Now, look at those GPU stats. NVIDIA at 73.83% is basically a monopoly in the PC gaming space. The fact that the new top card is a *laptop* GPU (the RTX 4060) tells you everything about where the market’s volume is. Gaming laptops are huge. But doesn’t it feel a bit stagnant? The top three cards are all NVIDIA, and the lead is swapping between a 60-series laptop part and a last-gen 60-series desktop part. Where’s the fierce competition? AMD is holding at 18.05%, and Intel’s Arc is a footnote at 7.74%. For a space that loves to talk about disruption, the graphics card hierarchy is remarkably stable.

What Comes Next?

So what does this mean for the next year?

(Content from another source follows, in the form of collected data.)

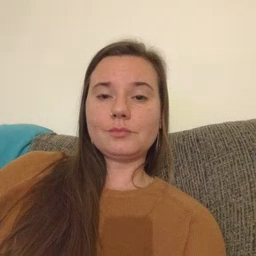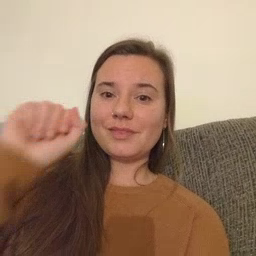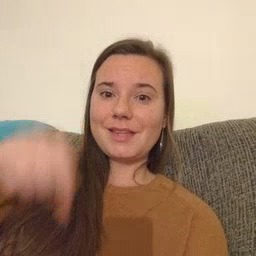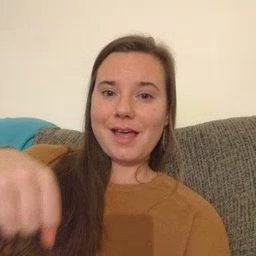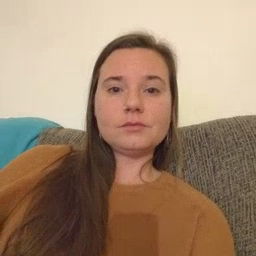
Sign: can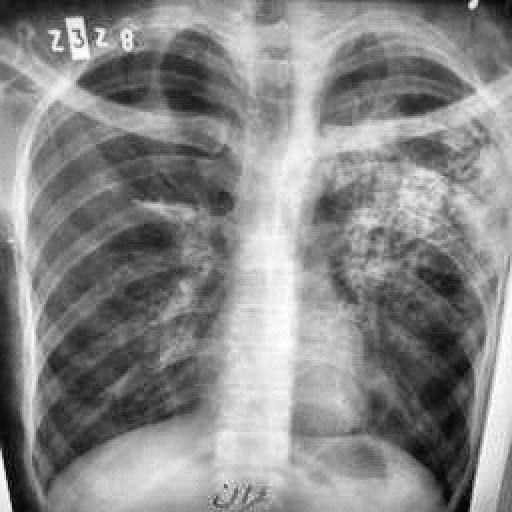
Finding: TUBERCULOSIS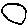
Label: circle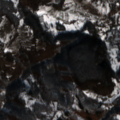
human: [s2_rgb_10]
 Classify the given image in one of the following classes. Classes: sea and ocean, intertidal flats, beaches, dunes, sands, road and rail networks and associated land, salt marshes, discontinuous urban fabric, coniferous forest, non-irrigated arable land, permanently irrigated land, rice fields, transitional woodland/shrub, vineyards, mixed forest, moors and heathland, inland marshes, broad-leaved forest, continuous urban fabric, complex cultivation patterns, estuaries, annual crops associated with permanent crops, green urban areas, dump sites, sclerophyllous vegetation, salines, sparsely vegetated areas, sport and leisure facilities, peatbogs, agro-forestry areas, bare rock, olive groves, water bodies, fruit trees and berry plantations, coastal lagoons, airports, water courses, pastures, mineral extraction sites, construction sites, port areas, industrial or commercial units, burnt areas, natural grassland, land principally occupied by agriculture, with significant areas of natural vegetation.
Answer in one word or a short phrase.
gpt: land principally occupied by agriculture, with significant areas of natural vegetation, broad-leaved forest, transitional woodland/shrub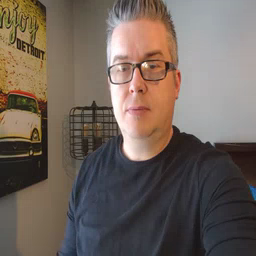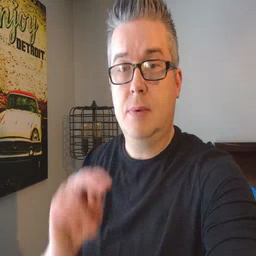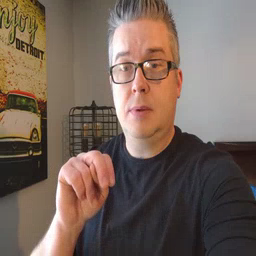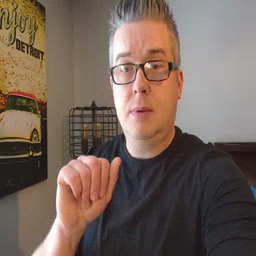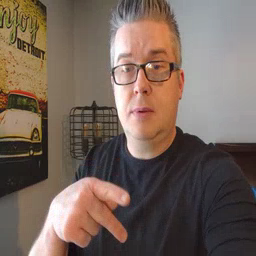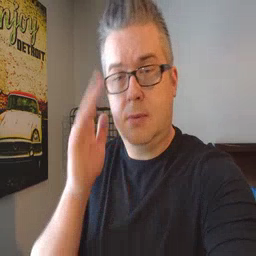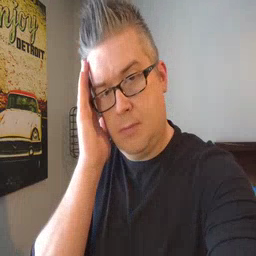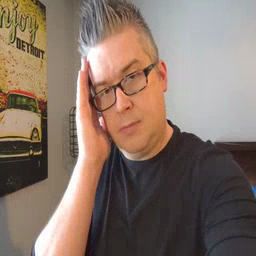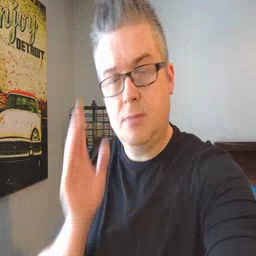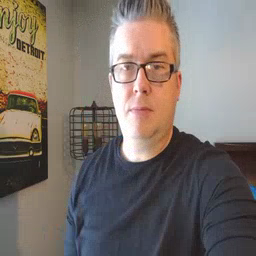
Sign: nap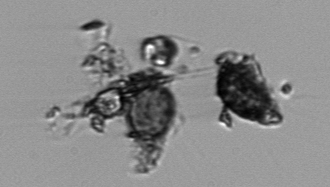
Label: Thalassiosira_TAG_external_detritus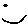
Label: smiley face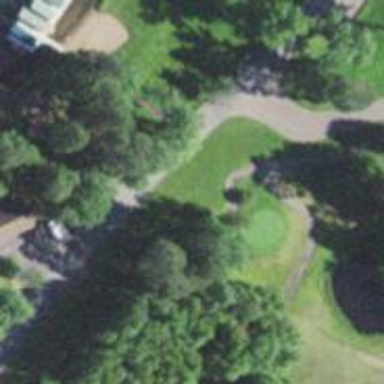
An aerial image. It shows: Path for golf carts.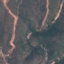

Windows 11 will probably keep eating Windows 10’s lunch until it’s down to a stubborn 15-20% holdout crowd. But the real trend to watch is Linux. Can it crack 4%? 5%? If Microsoft makes another misstep with a Windows update or pushes too hard with ads in the OS, they might just keep nudging the more technical gamers toward that alternative. It’s a slow burn, but the direction is clear. And in the hardware world, we’re basically waiting to see if anyone can seriously challenge NVIDIA’s dominance. Don’t hold your breath.